Valhall Shader Core
All Mali shader cores are structured as a number of fixed-function hardware blocks that are wrapped around a programmable core. The programmable core is the largest area of change in the Valhall GPU family, with some significant changes from the earlier Bifrost designs.
The following image shows a single execution core implementation and the fixed-function units that surround it:
The Valhall programmable Execution Core (EC) consists of one or more Processing Engines (PEs). The Mali-G57 and Mali-G77 have two PEs, and several shared data processing units, all of which are linked by a messaging fabric.
A Valhall core can perform 32 FP32 FMAs, read four bilinear filtered texture samples, blend two fragments, and write two pixels per clock.
The processing engines
Each PE executes the programmable shader instructions.
Each PE includes three arithmetic processing pipelines:
- FMA pipeline with is used for complex maths operations
- CVT pipeline which is used for simple maths operations
- SFU pipeline which is used for special functions
The FMA and SVT pipelines are 16-wide, the SFU pipeline is 4-wide and runs at one quarter of the throughput of the other two.

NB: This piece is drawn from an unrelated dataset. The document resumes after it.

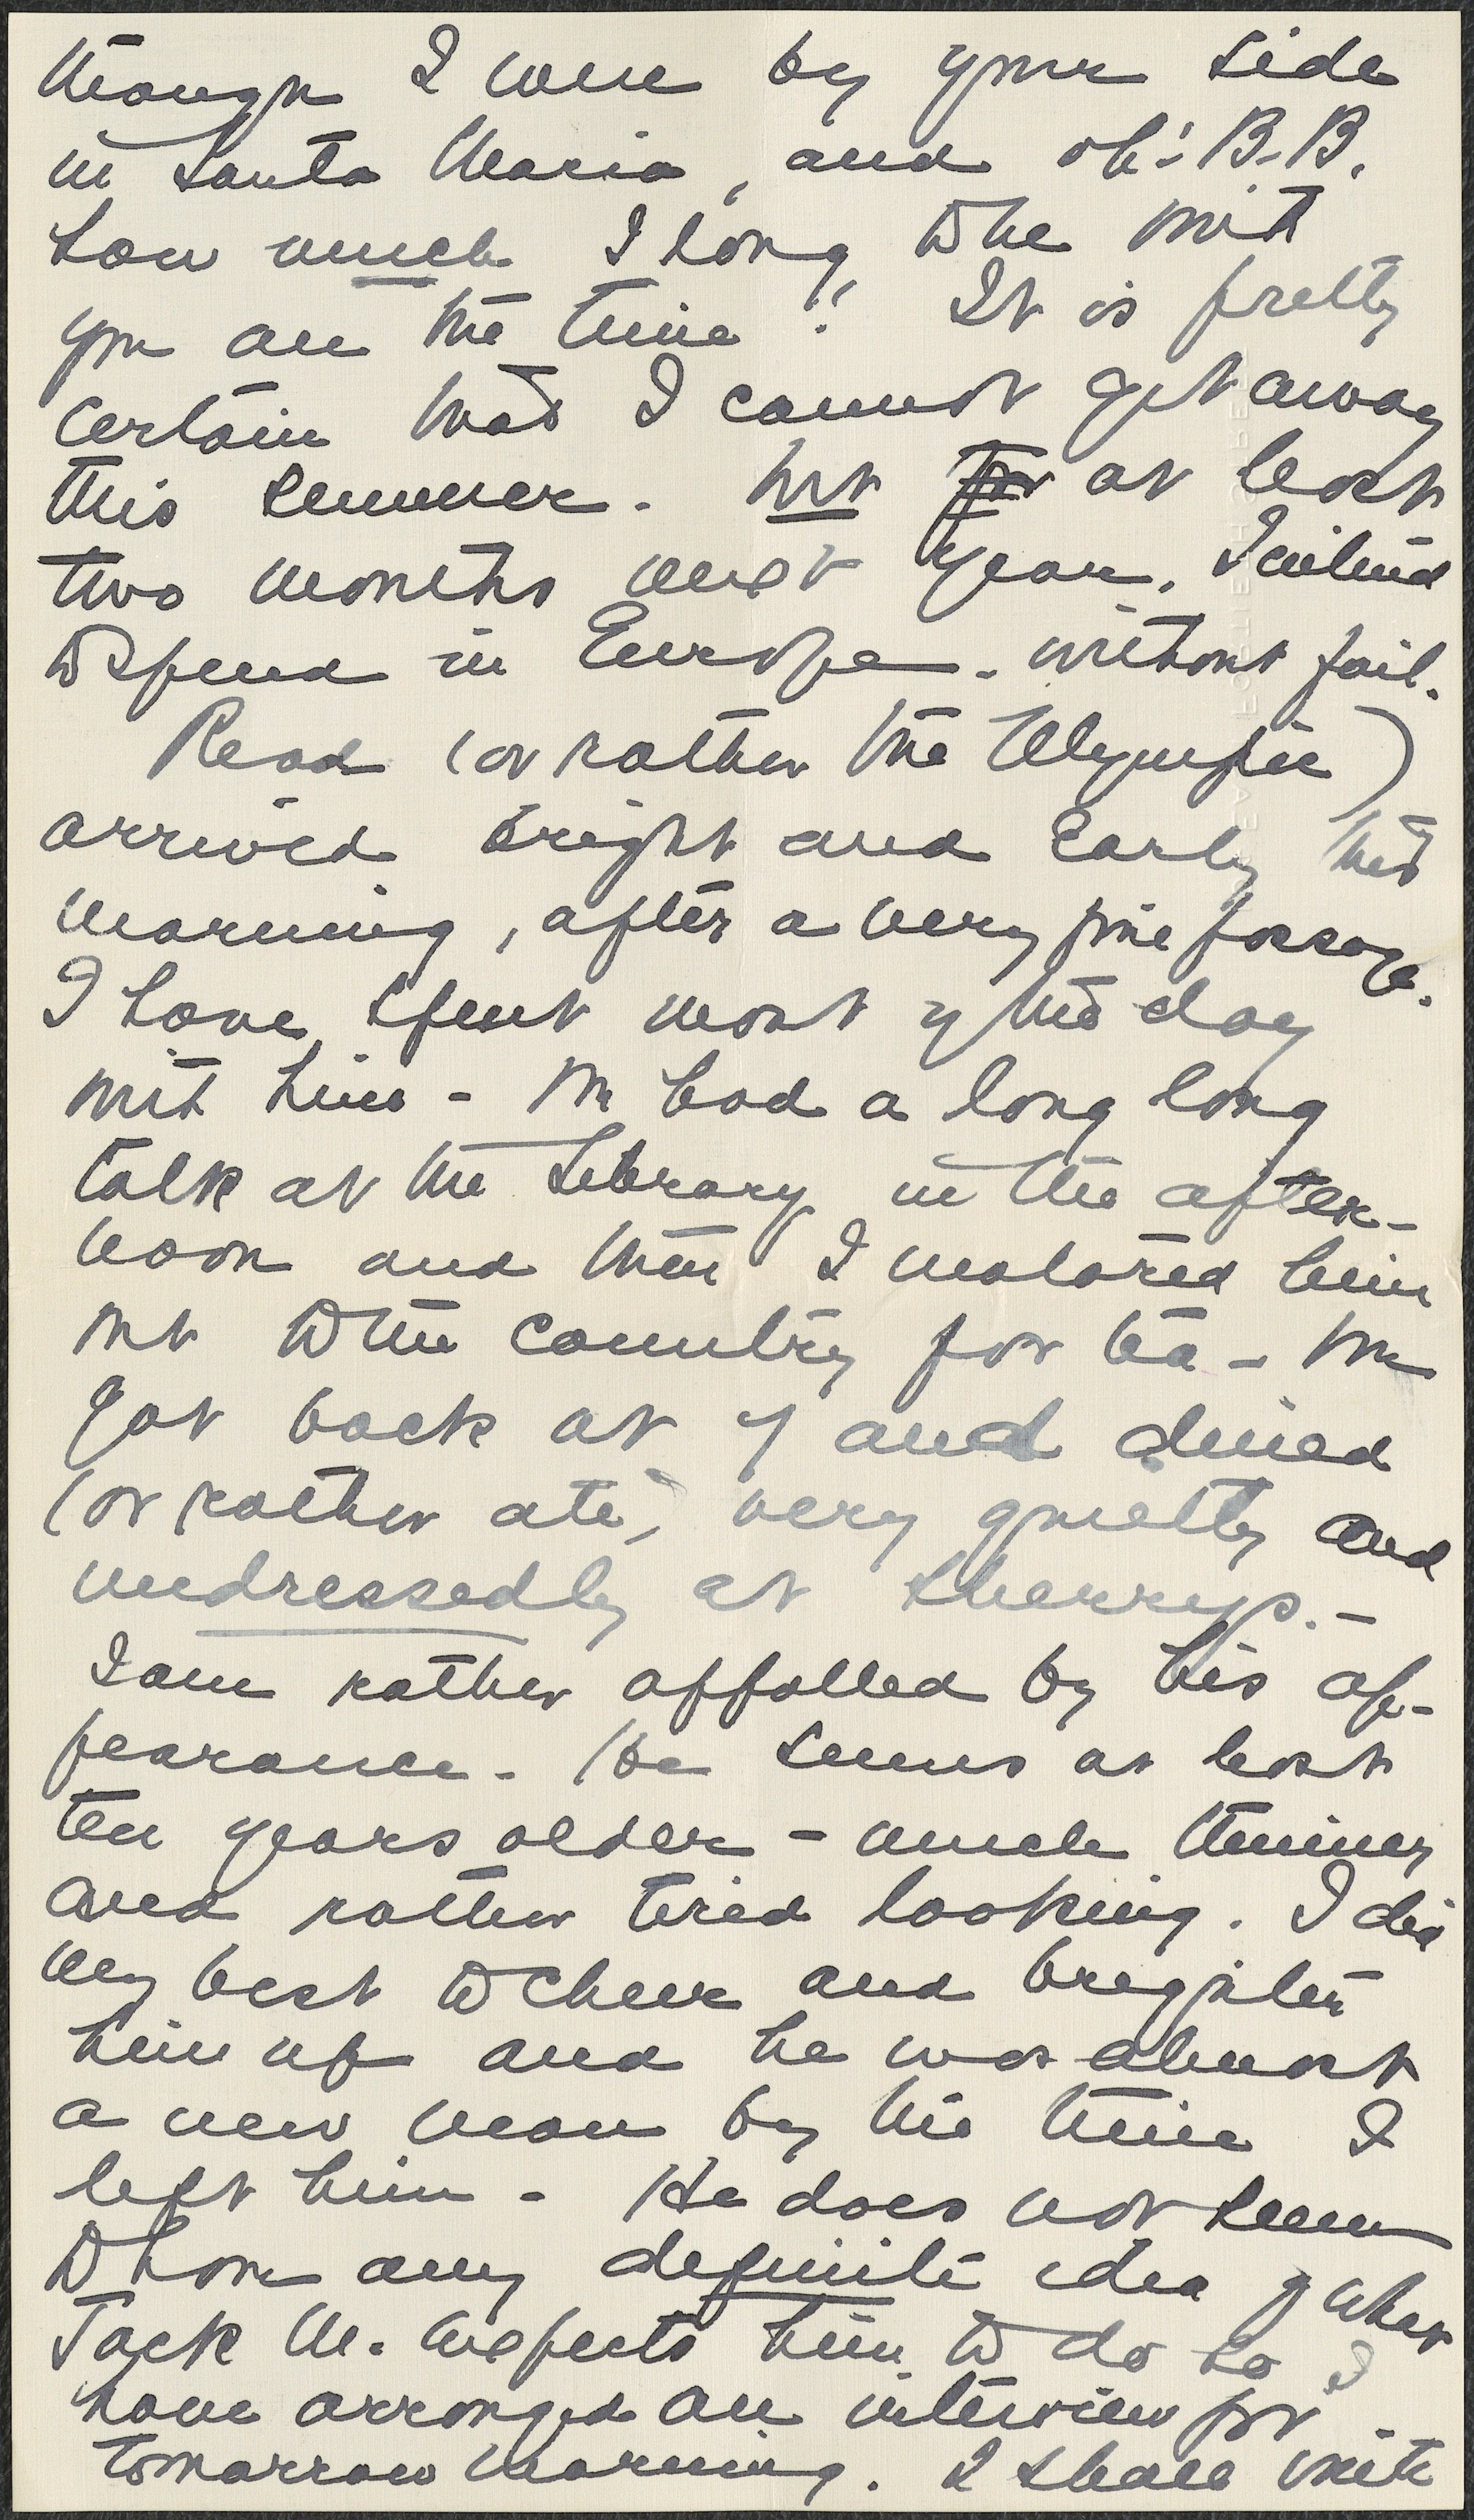though I were by your side in Santa Maria, and oh! B.B. how much I long to be with you all the time! It is pretty certain that I cannot get away this summer – but for at least two months next year, I intend to spend in Europe – without fail.
Read (or rather the Olympic) arrived bright and early this morning, after a very fine passage. I have spent most of the day with him – We had a long long talk at the Library in the afternoon and then I motored him out to the country for tea – We got back at 7 and dined (or rather ate, very quietly and undressedly at Sherrys. –
I am rather appalled by his appearance – He seems at least ten years older – much thinner and rather tired looking. I did my best to cheer and brighten him up and he was almost a new man by the time I left him – He does not seem to have any definite idea of what Jack M. expects him to do so I have arranged an interview for tomorrow morning. I shall write

Programs can use up to 32x32-bit registers while maintaining full thread occupancy. More complex programs can use to up 64 at the expense of reduced thread count.
The arithmetic units in the Valhall PE implement a warp-based vectorization scheme to improve functional unit utilization. To improve processing speed, multiple threads are grouped into a set of bundle, which is called a warp, before being executed in parallel by the GPU. Valhall uses 16-wide warps.
For of a single thread, this architecture looks like a stream of scalar 32-bit operations. This means that achieving high utilization of the hardware is a relative straight forward task for the shader compiler. However, the underlying hardware keeps the efficiency benefit of being a vector unit with a single set of control logic. This unit can be amortized over all of the threads in the warp.
The two following diagrams illustrate the advantages of keeping the hardware units busy, regardless of the vector length in the program.
In this example, a vec3 arithmetic operation maps onto a pure SIMD (Single instruction, multiple data) unit, where a pipeline executes one thread per clock:
By contrast, in this example the pipeline in a 4-wide warp unit, executes one lane per thread for four threads per clock:
Valhall maintains native support for int8, int16, and fp16 data types. These data types can be packed using SIMD instructions to fill each 32-bit data processing lane. This arrangement maintains the power efficiency and performance that is provided by the types that are narrower than 32-bits.
A single 16-wide warp maths unit can therefore perform 32x fp16/int16 operations per clock cycle, or 64x int8 operations per clock cycle.
The load/store unit is responsible for all shader memory accesses which are not related to texture samplers. This includes generic pointer-based memory access, buffer access, atomics, and imageLoad() and imageStore() accesses for mutable image data.
Data that is stored in a single 64-byte cache line per clock cycle can be accessed. Warp unit accesses are optimized to reduce unique cache access requests. For example, data can be returned in a single cycle if all threads access data inside the same cache line.
We recommend that you use shader algorithms that exploit the wide data access, and the cross-thread merging functionalities, of the load/store unit.
- Use vector loads and stores in each thread.
- Access sequential address ranges across the threads in a warp
The load/store unit includes 16KB L1 data cache per core, which is backed up by the shared L2 cache.
The varying unit is a dedicated fixed-function varying interpolator. The varying unit ensures good functional unit utilization by using warp vectorization.
For every clock, the varying unit can interpolate 32 bits for every thread in a warp. For example, interpolating a mediump - fp16 - vec4 takes two cycles. Therefore, interpolation of a mediump fp16 is both faster, and more energy efficient, than interpolation of a highp fp32.